| name | abd-convert-to-markdown |
| description | Convert office documents (PDF, PPTX, DOCX, XLSX, etc.) to navigable Markdown with real headings, sections, and tables. Use when the user wants to convert a document or folder of documents to markdown, mentions "convert to markdown", "extract text", or needs source files prepared for chunking or agent context. |
| license | MIT |
| metadata | {"author":"agilebydesign","version":"1.0.0"} |
Convert to Markdown
Convert source documents to navigable Markdown — real headings, sections, and tables — so downstream tools (chunking, search) can follow structure instead of guessing it.
Supported inputs
.pdf, .pptx, .docx, .xlsx, .xls, .html, .htm, .txt, .csv, .json, .xml
How to convert
Single file
python scripts/convert_to_markdown.py --file <file_path>
Folder of documents
python scripts/convert_to_markdown.py --memory <source_folder>
Output goes to <source_folder>/markdown/, mirroring the original folder structure and filenames.
After convert: assess structure
Chunking and RAG work best when markdown has real sections (headings), not a flat wall of text.
Check: Does the output have # / ## / ### where the source had chapters or sections? Run draft_chunking_spec.py (from the abd-chunk-markdown skill) to get a structural scan report, or skim the markdown directly.
If structure is bad (few or no headings, wrong breaks):
- Tell the user clearly what failed (e.g. "almost no
##, chunking will be poor").
- Suggest a fix:
- Install PyMuPDF for PDF outline injection (
pip install pymupdf)
- Adjust env flags (
PDF_SKIP_*) per pdf-extraction-advanced.md
- Add a bespoke post-processor under
<topic_root>/scripts/ for this corpus
- Implement, run, re-check. Repeat until structure is good enough to chunk.
If it is still a wall of text after fixes: run an AI semantic pass — group sentences by meaning, identify topics/sub-topics, add headings, complete one pass, then re-review before drafting a chunking spec.
Built-in PDF post-processing
PDFs pass through pdf_markdown_post after extraction: banner collapse, conservative CHAPTER / APPENDIX / PART line promotion, optional outline alignment when PyMuPDF is installed. This is generic — corpus-specific fixes belong in <topic_root>/scripts/.
For deep PDF detail, see references/pdf-extraction-advanced.md.
Bespoke post-processors (corpus scripts)
When the default pipeline is not enough for a specific corpus, add scripts under <topic_root>/scripts/ (the corpus folder, not this skill's scripts/). Name them clearly (prepare_handbook_headings.py, dedupe_chapter_headers.py). Document usage in the script docstring.
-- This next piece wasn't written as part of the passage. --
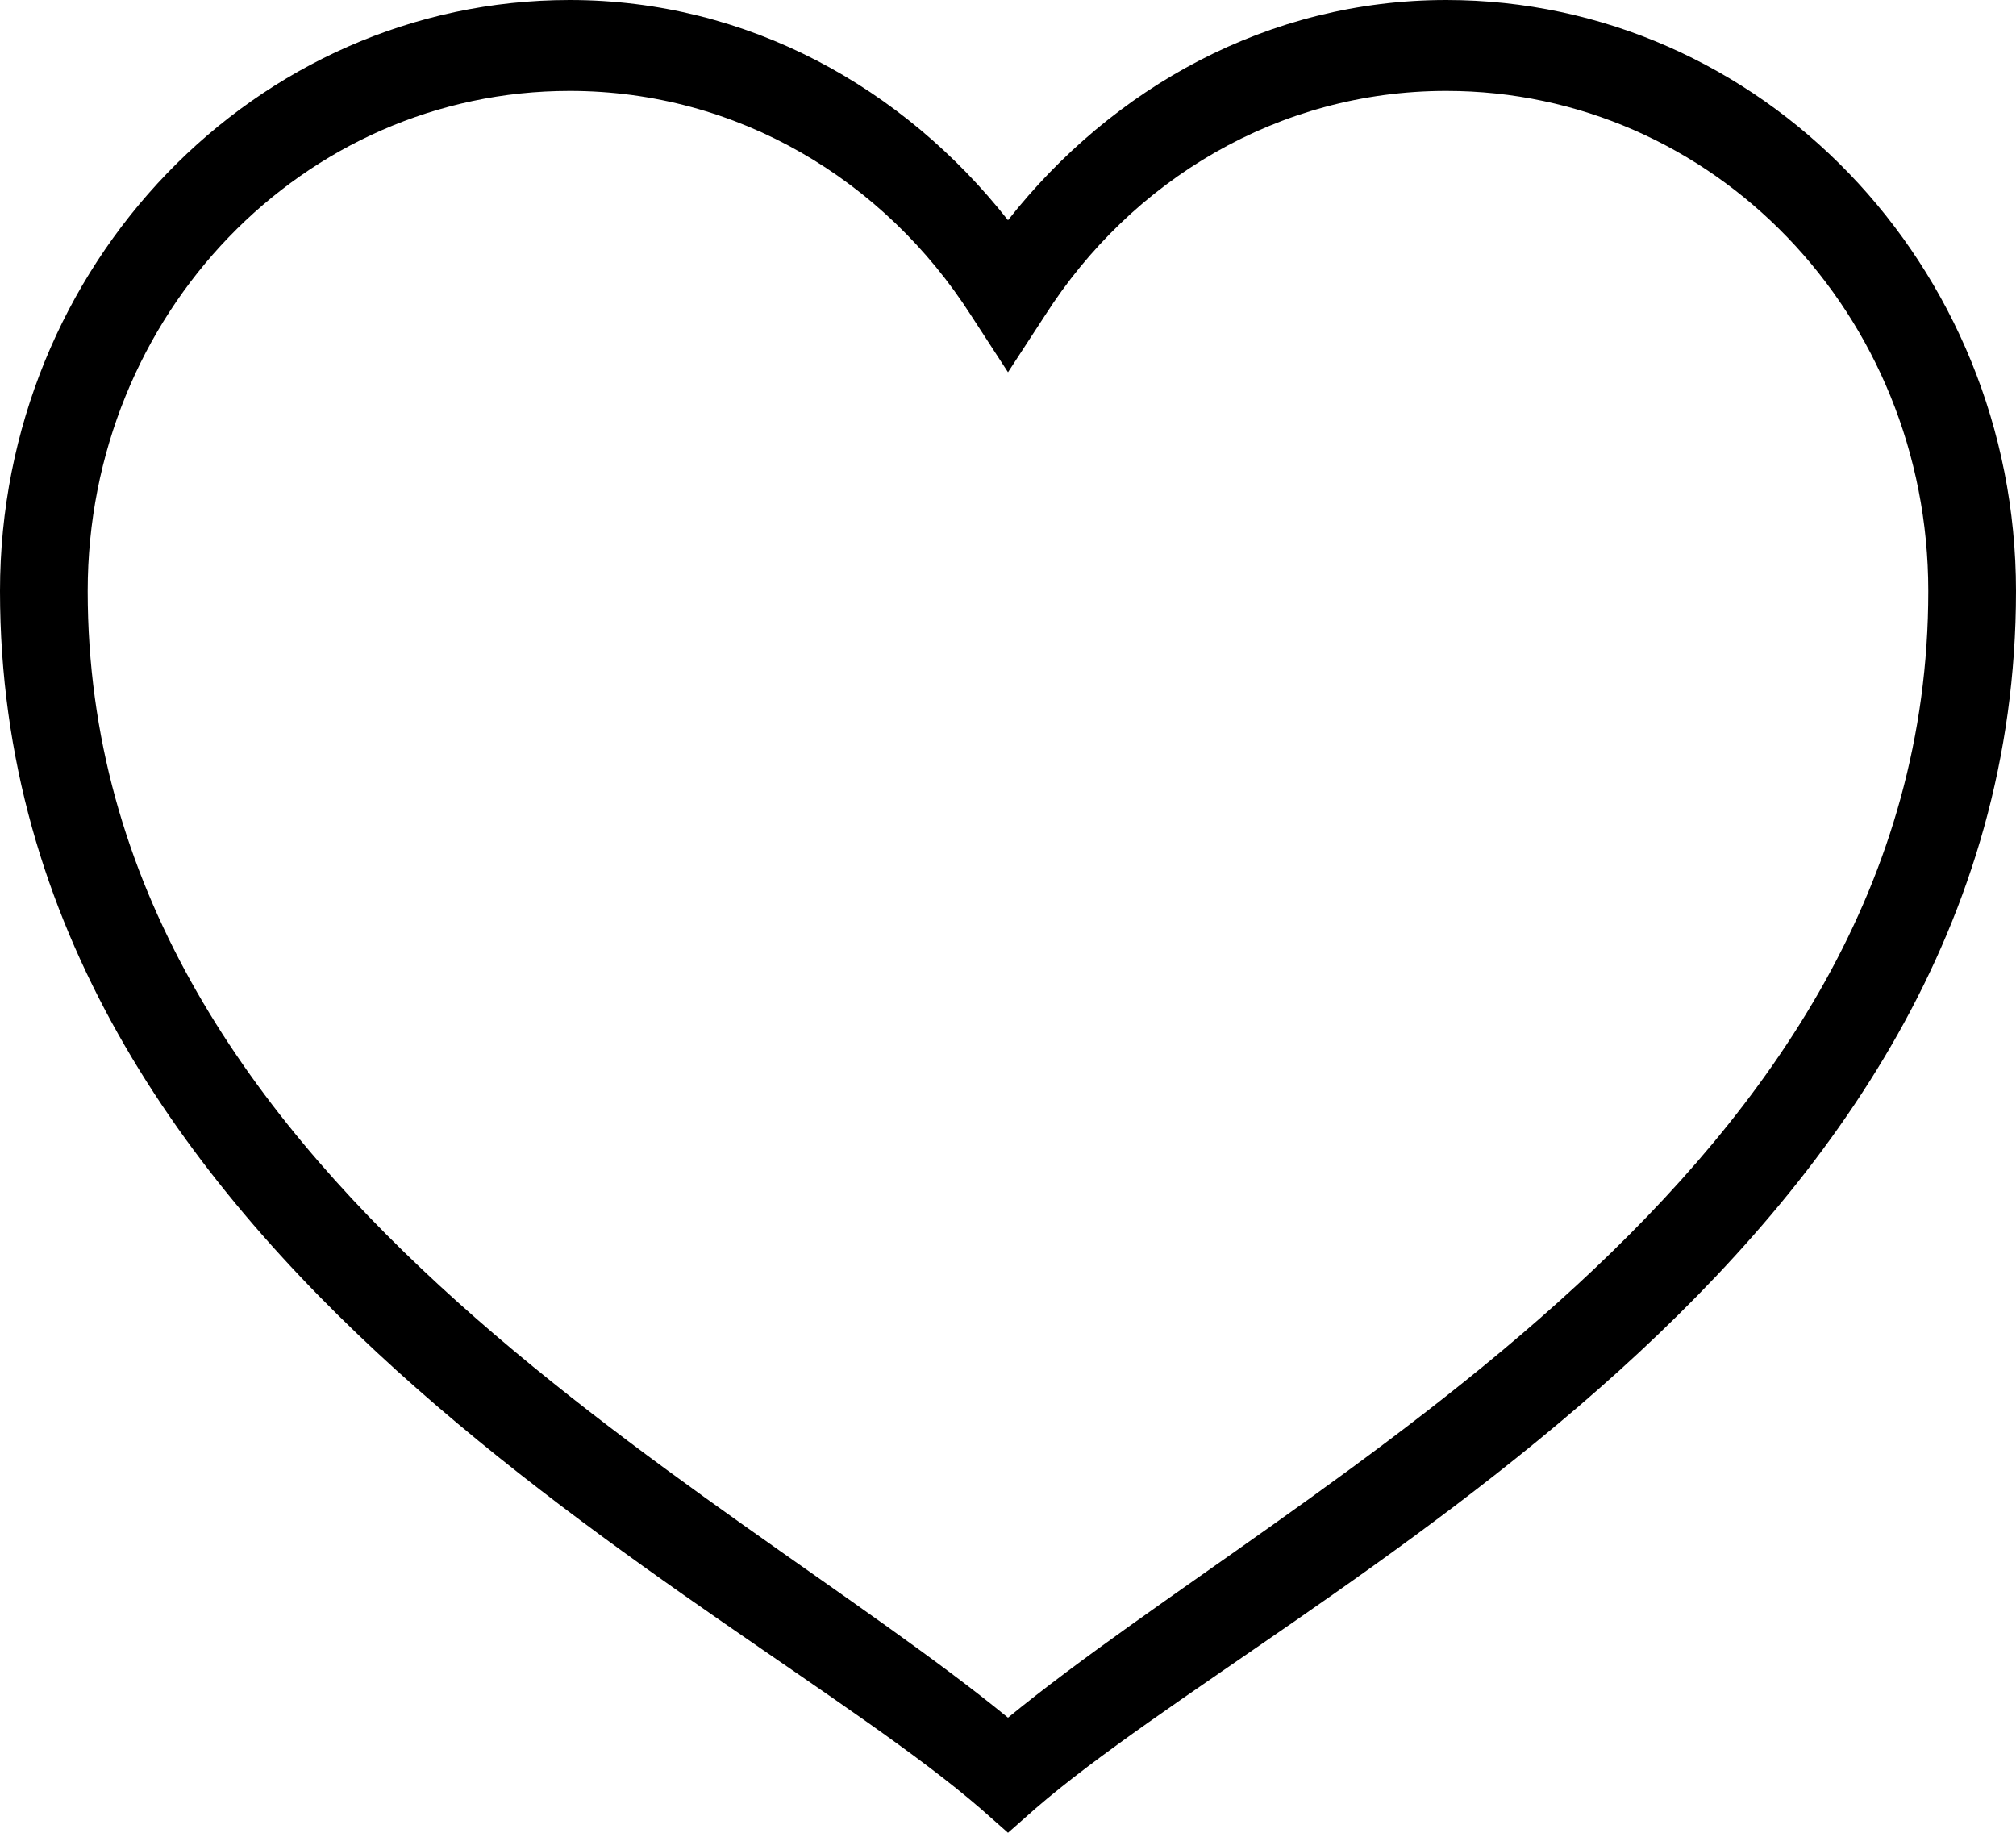 <svg xmlns="http://www.w3.org/2000/svg" width="22" height="20" viewBox="0 0 22 20">
    <path fill="#000" fill-rule="nonzero" d="M6.217 0C2.79 0 0 2.893 0 6.45c0 7.323 7.985 10.938 10.701 13.286L11 20l.299-.264C14.015 17.388 22 13.773 22 6.45 22 2.893 19.21 0 15.783 0 13.843 0 12.14.955 11 2.403 9.86.955 8.157 0 6.217 0zm0 .992c1.835 0 3.438.977 4.38 2.45l.403.62.404-.62c.941-1.473 2.544-2.45 4.379-2.45 2.91 0 5.26 2.438 5.26 5.458 0 6.399-6.89 9.71-10.043 12.294C7.846 16.161.957 12.85.957 6.45c0-3.02 2.35-5.458 5.26-5.458z"/>
</svg>

Topic folder (where output goes)
Workspace policy (default corpus, config files): AGENTS.md (Workspace (topic root) — config first).
In practice: set CONTENT_MEMORY_ROOT= in conf/.secrets (same agent root as AGENTS.md), or pass --path <folder> / --memory <folder>, or cd to the corpus before running. Markdown appears under <source>/markdown/. The code reads CONTENT_MEMORY_ROOT from the process environment after config files are loaded — keep the value in conf/.secrets, not only as a manual shell export.
Dependencies
pip install "markitdown[all]"
pip install pymupdf
Gotchas
- For PDFs, the converter tries
pdf_outline_extract first (PyMuPDF + non-empty get_toc()): section text is bounded by bookmarks (often much better for two-column books). If that is not used, it falls back to MarkItDown (linear stream). Install PyMuPDF and ensure PDF_USE_MARKITDOWN_PDF is not set. See references/pdf-extraction-advanced.md (Two-column RPG).
- Running headers in PDFs repeat on every page as text;
pdf_markdown_post collapses them but may miss unusual patterns.
- PPTX charts are extracted as data tables, not images.
- The converter does not invent structure — if the source has no headings, neither will the markdown.